The pair often worked different shift patterns but became pals for a time and even went for a drink on one occasion, Simon recalls.
In another bizarre discovery Simon also found out his late dad was the local milkman.
"I remember speaking to my milkman when I was only about 8 or 9," he said. "I would have been speaking to my dad."
There's also been much speculation as to what factors drove Simon's parents to make the difficult decision to give him up all those years ago.
It remains unclear the precise reasons but based on scant memories pieced together by his remaining siblings, who would have been small children, it is likely financial pressures and societal attitudes at the time played a large part.
"My oldest brother remembers the nan would be the boss of the family even though my parents were married," he said.
"She said the house is too small and they should put their name down on the council list but my dad said no."

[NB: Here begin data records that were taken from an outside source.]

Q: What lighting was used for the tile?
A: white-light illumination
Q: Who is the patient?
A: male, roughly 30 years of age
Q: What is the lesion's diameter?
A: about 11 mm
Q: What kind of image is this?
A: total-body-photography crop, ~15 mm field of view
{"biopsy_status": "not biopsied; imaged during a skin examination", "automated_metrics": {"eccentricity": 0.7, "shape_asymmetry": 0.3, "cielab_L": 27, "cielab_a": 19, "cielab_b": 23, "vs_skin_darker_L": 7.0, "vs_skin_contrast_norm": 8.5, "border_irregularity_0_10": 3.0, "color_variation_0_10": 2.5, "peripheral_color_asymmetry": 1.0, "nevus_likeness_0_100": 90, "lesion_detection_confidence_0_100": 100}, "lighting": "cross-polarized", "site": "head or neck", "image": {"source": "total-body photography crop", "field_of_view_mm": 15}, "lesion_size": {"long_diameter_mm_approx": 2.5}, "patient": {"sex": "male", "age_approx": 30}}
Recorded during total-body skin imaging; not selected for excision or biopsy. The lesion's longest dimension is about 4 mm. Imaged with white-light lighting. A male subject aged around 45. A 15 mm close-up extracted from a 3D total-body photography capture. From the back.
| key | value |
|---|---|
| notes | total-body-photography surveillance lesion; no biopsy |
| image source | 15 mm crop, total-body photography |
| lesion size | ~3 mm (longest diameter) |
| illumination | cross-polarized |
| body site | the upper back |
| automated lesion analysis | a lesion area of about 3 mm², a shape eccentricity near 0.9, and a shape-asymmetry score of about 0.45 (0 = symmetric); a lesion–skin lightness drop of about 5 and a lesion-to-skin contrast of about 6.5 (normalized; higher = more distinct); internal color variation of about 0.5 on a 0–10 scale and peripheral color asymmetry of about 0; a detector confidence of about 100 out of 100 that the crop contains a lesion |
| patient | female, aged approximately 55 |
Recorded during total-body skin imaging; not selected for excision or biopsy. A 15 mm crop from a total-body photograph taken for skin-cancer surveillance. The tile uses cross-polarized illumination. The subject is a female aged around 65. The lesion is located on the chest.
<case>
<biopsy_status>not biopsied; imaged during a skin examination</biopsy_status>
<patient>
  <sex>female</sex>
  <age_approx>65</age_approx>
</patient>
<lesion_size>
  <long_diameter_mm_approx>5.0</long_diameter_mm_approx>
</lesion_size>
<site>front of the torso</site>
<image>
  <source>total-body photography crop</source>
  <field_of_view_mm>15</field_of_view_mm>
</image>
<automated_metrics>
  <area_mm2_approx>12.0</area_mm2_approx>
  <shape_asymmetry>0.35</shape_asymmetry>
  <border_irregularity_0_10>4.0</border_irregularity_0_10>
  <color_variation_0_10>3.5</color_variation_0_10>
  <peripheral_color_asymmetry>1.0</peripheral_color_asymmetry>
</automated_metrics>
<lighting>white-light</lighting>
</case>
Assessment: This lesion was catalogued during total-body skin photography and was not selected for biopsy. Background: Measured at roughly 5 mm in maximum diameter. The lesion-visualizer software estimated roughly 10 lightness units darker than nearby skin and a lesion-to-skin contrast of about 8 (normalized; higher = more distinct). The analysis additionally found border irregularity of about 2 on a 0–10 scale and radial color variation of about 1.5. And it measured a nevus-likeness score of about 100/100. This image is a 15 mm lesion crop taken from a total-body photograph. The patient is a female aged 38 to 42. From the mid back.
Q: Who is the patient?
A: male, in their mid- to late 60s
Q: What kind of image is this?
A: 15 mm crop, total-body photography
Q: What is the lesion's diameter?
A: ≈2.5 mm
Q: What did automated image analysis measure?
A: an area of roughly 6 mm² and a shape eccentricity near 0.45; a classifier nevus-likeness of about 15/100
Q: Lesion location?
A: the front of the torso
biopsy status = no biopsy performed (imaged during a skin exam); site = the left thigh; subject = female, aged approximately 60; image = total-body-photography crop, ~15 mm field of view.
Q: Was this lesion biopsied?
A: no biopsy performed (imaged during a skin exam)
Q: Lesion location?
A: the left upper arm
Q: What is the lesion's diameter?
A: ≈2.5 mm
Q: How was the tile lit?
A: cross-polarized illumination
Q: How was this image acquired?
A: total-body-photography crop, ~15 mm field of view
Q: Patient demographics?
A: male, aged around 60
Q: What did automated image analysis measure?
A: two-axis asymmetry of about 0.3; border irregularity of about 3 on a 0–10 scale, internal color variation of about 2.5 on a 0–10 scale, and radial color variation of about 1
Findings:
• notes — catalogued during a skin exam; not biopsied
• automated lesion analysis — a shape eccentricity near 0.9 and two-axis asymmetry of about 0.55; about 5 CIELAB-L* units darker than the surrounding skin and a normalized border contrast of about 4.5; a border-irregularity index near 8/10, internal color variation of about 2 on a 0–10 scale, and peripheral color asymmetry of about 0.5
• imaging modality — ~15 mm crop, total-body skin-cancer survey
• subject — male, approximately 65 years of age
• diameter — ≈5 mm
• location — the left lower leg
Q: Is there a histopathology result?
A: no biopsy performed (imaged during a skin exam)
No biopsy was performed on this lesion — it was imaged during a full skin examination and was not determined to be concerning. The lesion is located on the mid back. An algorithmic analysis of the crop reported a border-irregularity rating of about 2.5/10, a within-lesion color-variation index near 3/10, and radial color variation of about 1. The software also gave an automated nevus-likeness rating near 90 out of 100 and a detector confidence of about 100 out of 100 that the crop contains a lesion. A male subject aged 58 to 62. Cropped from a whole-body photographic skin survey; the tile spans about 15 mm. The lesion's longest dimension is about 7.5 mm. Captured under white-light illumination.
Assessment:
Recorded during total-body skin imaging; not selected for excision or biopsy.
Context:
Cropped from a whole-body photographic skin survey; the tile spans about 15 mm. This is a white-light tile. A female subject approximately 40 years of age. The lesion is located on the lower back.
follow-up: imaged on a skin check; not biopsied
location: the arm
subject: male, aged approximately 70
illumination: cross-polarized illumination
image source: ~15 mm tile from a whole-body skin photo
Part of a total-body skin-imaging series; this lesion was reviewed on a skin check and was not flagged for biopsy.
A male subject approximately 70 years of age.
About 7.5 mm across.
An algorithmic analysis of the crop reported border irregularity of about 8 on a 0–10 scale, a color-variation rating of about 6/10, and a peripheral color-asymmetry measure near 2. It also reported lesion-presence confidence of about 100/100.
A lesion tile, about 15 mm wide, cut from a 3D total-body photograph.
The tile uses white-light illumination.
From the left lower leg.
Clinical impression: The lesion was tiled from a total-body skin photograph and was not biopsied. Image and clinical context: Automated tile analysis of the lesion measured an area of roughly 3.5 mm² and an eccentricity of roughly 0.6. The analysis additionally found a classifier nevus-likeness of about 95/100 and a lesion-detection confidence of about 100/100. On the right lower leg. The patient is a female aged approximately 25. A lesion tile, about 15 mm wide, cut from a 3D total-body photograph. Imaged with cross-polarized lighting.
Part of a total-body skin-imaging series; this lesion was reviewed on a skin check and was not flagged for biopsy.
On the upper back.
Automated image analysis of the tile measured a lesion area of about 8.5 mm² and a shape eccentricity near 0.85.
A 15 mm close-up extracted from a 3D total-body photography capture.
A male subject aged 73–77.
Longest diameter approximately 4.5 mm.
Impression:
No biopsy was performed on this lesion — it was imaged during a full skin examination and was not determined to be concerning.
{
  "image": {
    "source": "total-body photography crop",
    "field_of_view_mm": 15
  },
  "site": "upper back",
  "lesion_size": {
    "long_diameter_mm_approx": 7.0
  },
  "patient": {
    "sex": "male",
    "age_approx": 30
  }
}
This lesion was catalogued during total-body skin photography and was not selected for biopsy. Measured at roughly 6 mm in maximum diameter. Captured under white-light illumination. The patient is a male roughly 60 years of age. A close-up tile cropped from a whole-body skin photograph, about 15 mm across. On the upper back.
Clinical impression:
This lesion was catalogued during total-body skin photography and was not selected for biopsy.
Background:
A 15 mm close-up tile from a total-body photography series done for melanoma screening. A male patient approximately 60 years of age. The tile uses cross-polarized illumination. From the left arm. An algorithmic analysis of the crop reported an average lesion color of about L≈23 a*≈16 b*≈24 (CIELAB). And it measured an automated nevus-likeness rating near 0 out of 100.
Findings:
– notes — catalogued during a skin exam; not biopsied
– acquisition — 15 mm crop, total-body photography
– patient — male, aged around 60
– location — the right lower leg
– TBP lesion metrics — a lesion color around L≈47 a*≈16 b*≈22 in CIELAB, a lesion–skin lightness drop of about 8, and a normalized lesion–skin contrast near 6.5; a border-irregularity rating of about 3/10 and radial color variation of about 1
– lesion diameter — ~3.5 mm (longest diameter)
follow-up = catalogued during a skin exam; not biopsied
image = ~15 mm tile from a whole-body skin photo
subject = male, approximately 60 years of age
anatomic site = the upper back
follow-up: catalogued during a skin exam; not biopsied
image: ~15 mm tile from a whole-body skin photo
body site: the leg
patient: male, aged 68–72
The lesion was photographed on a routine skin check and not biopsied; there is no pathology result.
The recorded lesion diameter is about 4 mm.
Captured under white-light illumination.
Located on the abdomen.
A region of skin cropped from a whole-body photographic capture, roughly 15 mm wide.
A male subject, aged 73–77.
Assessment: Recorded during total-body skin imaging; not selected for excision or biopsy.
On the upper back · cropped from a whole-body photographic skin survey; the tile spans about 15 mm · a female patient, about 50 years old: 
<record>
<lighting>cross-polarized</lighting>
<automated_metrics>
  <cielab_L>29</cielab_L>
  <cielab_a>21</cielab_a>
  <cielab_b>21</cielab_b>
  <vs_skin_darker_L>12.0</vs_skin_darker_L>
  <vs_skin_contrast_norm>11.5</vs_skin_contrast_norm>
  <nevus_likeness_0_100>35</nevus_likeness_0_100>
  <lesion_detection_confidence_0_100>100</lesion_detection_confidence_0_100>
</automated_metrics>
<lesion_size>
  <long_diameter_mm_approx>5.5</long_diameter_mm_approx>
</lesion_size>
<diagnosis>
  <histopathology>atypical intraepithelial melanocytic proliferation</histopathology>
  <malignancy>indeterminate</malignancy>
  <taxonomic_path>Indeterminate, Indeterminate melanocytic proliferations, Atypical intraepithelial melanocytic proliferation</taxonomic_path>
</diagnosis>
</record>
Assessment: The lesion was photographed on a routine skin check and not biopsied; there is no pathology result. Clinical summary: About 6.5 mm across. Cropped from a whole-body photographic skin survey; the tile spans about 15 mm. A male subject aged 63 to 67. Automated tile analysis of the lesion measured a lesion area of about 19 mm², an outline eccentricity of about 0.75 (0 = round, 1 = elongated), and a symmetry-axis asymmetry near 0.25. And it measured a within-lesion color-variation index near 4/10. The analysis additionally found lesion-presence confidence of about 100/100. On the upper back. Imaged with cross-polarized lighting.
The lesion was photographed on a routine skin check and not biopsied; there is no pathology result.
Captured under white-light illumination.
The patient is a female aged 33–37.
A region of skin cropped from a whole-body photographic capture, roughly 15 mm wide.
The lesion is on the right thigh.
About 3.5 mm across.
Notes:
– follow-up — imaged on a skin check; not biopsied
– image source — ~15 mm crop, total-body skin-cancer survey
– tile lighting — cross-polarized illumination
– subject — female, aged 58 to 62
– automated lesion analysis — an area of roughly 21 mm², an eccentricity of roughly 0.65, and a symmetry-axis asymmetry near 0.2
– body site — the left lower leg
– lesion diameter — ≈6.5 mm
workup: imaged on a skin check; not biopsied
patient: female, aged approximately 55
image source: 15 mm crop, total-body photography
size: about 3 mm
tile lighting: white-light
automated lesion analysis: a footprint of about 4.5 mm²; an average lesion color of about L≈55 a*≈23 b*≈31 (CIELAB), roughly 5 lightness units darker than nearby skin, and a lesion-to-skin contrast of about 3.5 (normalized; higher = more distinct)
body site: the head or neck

Coincidently, Simon adds his grandfather was a member of the local darts team and so the location of his abandonment was likely deliberate.
"It's all very strange really," adds Simon. "We will never know the full details of what happened."
The ITV show was filmed before lockdown restrictions in September 2019 at various locations including popular diner Nell's Cafe, off the A2, near Gravesend.
Simon has kept in contact with presenter Davina McCall, who also lives in Kent, and regularly sends texts checking in on him.
He is planning a reunion with friends featured on the show and also offers help and advice to others trying to trace family roots.
He reveals how his own emotional reunion with his family nearly didn't happen as he was initially rejected on the casting call for the show which primarily focuses on adoption.
But the HGV driver is a firm believer in fate, having met his second wife Jane following a blind date advertised in the newspaper 20 years ago.
The pair had first met at primary school in Gravesend before going their separate ways when her family moved to Bexleyheath.
"I remember sitting next to her at six-years-old and I used to like her," he said. "It is like my life has been mapped out for me."
Simon now plans to pen a book on his lived experience tracking down his family roots.
Following the show he remarked: "I thought I'm no longer an abandoned baby, I'm no longer a foundling, I am a sibling. I'm a brother!"
Long Lost Family: Born Without Trace Episode 2 is still available to watch on ITV's Hub.